Find parametric equations for the line through P1 and P2 and also for the line segment joining those points. Also find the conditions for the parametric equations.

a) P1(0, 2) and P2(-4,-4)

b) P1(7,-3,9) and P2(7, -3, 1)

Homework Equations



Equation of a line (Vector Form): ## \vec r = \vec r_0 + t\vec v ##[/B]

The Attempt at a Solution


[/B]
I've already solved the problem, my issue just lies in finding the conditions for the parametric equations as well.

a) x = -4t, y = 2 - 6t

b) x = 7, y = -3, z = 9 - 8t

Wouldn't the parametric equation work from ## -\infty ≤ t ≤ \infty ##

I see no reason why some parallel direction vector wouldn't be able to be multiplied by some scalar to equal the line vector. Any multiple, negative or positive should be able to give me any line that passes through those points.

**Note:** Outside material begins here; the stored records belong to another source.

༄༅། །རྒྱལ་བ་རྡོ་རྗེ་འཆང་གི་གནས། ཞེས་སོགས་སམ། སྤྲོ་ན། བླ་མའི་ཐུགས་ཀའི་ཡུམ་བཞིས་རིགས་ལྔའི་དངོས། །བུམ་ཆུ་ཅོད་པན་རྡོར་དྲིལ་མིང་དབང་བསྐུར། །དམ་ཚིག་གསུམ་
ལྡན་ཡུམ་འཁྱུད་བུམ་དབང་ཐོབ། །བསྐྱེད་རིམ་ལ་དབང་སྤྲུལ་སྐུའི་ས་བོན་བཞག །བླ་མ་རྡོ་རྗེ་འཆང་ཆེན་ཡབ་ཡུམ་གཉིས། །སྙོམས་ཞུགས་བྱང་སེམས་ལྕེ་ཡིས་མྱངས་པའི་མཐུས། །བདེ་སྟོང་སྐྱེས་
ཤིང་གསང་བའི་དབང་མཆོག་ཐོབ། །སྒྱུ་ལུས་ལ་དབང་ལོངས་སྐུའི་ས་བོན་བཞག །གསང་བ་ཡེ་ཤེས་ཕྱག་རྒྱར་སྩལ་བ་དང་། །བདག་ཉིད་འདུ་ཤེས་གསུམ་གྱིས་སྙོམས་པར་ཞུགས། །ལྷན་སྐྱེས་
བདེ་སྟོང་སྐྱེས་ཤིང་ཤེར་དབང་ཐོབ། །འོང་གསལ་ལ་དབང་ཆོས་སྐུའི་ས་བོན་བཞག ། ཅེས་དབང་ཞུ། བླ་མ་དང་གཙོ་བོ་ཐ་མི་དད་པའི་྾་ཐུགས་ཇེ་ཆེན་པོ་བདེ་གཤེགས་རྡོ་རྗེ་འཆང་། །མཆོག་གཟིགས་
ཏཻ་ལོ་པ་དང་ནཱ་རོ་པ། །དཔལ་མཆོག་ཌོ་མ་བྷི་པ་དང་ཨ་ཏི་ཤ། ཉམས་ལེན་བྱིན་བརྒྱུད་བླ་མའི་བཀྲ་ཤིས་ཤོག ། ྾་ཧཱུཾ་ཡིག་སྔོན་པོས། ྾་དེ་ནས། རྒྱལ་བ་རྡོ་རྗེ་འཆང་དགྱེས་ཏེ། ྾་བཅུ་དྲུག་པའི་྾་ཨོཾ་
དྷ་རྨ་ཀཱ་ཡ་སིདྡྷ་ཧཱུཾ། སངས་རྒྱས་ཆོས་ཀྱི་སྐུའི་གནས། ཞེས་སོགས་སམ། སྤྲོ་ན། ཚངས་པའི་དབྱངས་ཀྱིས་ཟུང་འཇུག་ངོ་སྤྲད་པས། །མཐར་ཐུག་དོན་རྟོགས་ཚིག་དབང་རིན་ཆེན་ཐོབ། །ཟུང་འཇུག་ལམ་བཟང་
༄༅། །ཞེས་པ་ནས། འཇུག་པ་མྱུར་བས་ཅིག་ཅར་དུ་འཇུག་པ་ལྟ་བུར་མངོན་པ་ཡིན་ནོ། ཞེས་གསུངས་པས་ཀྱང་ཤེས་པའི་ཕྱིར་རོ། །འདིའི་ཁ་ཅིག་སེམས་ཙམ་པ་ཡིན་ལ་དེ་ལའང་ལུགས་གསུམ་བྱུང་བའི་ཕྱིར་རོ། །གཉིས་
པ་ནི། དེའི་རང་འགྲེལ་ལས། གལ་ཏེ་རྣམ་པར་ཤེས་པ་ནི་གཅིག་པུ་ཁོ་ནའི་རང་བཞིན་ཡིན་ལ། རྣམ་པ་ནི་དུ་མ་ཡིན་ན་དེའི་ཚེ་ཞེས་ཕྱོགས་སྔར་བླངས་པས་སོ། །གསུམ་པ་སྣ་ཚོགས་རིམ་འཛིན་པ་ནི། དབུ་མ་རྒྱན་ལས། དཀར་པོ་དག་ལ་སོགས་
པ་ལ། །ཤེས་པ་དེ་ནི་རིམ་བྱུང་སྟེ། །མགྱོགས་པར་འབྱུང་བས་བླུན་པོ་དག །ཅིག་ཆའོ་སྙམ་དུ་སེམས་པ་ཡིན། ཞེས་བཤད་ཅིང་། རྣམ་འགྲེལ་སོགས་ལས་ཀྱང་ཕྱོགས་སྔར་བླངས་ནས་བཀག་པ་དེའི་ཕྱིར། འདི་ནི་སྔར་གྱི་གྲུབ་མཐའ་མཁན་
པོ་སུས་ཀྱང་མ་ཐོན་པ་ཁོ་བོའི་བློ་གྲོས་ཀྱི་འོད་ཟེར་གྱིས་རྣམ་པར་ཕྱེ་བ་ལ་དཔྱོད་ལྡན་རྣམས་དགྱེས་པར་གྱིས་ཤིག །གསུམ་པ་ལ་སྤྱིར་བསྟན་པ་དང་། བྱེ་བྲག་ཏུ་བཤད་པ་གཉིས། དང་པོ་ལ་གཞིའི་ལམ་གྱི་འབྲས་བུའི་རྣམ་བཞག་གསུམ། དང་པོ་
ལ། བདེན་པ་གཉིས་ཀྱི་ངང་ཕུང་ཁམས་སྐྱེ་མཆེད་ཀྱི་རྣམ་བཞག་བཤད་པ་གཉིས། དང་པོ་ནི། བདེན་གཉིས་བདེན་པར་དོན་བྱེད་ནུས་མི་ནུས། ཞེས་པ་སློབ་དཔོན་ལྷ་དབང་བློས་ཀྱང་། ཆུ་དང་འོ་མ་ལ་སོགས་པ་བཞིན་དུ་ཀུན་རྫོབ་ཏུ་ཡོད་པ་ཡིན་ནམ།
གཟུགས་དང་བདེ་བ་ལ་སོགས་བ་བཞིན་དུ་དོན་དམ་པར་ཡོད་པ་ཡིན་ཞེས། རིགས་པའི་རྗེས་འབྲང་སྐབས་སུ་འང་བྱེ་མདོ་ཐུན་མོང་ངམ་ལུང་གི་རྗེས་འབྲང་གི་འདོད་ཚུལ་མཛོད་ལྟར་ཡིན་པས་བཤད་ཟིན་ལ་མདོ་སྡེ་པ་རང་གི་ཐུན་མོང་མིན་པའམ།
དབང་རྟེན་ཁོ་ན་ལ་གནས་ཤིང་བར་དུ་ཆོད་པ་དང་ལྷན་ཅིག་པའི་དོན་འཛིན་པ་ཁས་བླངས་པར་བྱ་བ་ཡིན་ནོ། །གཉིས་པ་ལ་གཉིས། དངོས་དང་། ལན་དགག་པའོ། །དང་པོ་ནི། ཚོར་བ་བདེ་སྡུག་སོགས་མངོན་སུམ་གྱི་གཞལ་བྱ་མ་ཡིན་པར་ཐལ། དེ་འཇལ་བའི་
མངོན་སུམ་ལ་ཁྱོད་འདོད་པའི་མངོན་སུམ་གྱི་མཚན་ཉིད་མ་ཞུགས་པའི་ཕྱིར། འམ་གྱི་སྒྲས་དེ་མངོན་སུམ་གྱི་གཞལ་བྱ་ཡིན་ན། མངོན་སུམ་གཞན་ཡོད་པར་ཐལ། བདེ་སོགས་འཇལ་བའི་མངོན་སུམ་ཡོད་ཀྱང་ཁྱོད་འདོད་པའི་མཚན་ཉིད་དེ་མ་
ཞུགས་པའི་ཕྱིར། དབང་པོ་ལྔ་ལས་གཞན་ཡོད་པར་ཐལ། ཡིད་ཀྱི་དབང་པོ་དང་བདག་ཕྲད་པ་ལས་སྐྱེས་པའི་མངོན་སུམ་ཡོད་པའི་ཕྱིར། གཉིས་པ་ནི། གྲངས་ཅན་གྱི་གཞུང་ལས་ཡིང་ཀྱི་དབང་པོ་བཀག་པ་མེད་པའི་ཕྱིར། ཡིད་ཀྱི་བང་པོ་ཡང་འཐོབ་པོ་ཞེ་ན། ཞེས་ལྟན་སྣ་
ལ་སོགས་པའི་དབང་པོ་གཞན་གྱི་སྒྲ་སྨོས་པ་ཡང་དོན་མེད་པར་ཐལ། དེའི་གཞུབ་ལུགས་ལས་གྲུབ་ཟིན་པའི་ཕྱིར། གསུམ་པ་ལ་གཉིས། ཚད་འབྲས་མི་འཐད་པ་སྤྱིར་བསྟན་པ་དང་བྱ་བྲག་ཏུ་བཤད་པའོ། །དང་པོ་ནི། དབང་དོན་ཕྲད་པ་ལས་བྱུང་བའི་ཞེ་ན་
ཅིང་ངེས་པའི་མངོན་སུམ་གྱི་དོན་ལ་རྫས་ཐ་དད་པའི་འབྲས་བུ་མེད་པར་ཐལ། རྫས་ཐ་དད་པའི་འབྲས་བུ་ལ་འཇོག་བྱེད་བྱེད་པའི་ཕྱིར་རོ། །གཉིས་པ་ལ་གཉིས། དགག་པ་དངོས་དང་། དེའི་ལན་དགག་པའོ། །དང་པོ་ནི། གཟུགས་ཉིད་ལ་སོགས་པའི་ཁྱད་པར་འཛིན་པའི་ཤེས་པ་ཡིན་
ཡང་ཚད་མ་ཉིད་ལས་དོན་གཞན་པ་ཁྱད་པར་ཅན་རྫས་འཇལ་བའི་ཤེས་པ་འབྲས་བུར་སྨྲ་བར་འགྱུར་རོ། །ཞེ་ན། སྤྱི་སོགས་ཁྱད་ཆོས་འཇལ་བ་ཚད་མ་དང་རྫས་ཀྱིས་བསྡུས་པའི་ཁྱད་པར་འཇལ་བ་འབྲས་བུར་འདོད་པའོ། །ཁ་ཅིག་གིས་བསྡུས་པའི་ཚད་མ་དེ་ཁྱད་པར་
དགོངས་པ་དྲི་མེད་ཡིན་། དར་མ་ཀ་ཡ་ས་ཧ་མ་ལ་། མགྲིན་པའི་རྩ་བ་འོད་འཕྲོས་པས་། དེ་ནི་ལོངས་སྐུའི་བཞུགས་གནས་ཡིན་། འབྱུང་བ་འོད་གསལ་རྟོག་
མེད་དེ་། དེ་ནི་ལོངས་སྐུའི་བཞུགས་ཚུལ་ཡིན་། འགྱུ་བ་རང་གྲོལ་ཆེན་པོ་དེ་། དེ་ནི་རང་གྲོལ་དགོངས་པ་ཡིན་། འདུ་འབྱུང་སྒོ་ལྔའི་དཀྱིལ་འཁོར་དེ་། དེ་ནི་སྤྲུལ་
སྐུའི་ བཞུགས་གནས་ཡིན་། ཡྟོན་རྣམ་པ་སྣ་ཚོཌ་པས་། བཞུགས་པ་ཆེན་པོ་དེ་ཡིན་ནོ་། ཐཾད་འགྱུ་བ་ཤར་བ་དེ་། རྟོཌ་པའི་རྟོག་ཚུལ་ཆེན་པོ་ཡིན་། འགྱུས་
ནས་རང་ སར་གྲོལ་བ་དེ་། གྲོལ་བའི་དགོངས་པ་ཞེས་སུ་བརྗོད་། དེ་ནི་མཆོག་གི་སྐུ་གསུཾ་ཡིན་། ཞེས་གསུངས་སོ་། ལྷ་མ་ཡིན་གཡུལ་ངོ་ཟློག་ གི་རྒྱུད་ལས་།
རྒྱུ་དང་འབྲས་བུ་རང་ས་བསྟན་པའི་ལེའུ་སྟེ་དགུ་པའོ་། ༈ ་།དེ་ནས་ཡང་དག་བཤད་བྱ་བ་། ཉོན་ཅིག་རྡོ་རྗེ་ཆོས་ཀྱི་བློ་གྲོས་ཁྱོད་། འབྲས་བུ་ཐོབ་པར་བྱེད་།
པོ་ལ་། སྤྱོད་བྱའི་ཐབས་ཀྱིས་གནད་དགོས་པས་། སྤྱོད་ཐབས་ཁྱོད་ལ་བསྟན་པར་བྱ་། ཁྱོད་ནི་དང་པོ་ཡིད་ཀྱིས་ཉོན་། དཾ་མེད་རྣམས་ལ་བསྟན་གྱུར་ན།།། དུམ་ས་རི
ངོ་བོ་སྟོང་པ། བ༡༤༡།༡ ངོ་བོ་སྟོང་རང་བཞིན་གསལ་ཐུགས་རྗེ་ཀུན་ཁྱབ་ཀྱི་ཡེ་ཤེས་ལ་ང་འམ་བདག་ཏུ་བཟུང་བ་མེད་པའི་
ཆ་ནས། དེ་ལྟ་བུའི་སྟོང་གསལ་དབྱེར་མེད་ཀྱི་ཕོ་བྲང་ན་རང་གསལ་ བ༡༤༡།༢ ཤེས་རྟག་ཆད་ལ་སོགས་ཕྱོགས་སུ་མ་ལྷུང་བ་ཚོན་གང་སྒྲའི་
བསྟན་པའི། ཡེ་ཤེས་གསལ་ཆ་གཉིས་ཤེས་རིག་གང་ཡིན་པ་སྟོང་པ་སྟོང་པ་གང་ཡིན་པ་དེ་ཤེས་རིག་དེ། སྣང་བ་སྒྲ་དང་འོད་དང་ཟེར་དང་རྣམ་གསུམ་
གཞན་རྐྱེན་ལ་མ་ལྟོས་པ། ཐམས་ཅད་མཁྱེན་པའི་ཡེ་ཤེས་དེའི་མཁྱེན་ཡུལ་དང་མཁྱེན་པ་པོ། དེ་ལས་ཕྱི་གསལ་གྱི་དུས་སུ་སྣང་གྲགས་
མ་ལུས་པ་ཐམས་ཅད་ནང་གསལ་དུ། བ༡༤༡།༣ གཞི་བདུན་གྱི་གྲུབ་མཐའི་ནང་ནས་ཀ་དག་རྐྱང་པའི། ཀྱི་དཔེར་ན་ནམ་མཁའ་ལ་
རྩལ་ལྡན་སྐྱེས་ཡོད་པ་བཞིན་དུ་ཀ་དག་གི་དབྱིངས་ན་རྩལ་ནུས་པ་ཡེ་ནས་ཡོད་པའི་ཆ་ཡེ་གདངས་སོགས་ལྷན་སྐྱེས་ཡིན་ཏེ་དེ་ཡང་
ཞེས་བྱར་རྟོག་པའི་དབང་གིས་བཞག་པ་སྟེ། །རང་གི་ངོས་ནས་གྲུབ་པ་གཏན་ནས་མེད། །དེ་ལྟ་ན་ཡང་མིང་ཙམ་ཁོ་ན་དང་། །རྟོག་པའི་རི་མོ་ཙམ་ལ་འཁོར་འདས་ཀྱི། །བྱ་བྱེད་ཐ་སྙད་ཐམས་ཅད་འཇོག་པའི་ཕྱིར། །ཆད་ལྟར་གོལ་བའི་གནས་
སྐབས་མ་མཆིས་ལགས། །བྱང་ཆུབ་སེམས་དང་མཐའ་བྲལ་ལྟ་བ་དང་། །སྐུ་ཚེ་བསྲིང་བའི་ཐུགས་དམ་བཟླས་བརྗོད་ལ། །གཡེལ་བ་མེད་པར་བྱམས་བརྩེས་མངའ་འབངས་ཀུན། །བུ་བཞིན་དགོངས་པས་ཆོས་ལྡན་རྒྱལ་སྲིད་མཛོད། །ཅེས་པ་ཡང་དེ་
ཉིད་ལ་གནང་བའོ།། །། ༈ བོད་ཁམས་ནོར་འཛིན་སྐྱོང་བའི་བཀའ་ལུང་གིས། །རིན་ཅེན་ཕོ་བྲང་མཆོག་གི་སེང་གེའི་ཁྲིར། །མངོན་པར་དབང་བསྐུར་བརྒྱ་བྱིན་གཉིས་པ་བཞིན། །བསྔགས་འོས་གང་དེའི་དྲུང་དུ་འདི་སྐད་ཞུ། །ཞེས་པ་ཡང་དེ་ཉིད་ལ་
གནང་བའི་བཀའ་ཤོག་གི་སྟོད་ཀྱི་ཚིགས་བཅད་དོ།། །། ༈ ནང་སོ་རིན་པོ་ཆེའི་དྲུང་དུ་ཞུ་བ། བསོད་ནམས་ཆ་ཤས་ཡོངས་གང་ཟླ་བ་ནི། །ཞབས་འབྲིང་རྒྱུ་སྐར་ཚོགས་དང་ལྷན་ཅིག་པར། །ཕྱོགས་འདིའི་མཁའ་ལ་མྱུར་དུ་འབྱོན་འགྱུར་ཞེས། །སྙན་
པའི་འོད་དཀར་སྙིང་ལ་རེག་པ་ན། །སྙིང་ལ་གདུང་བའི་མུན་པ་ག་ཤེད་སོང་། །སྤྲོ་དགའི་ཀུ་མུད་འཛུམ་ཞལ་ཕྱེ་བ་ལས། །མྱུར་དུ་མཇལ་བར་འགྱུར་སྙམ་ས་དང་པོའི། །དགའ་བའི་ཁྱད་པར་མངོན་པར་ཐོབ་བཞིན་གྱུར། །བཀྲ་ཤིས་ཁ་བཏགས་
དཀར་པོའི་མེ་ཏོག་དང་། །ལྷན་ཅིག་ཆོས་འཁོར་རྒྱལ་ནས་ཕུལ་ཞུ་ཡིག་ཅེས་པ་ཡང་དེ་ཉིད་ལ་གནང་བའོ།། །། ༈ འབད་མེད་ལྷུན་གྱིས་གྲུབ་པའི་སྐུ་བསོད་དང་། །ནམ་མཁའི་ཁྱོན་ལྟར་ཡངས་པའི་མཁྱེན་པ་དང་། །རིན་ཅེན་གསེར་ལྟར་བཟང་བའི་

So am I correct in my assumption that the conditions should be from ## -\infty ≤ t ≤ \infty ##
For the lines through those two sets of points, yes, but the conditions they're asking about are for the line segments. For the first problem, if t = 0, you get point P2. What value of t (the parameter) gets you P1? All of the t values in between get you the rest of the points on that line segment.
 
Mark44 said:
For the lines through those two sets of points, yes, but the conditions they're asking about are for the line segments. For the first problem, if t = 0, you get point P2. What value of t (the parameter) gets you P1? All of the t values in between get you the rest of the points on that line segment.

I think I see what you mean... so we are just solving for t at each end of the line segment?
 
it is [0,1] for all t, any linear algebra book will have this fact in the first section.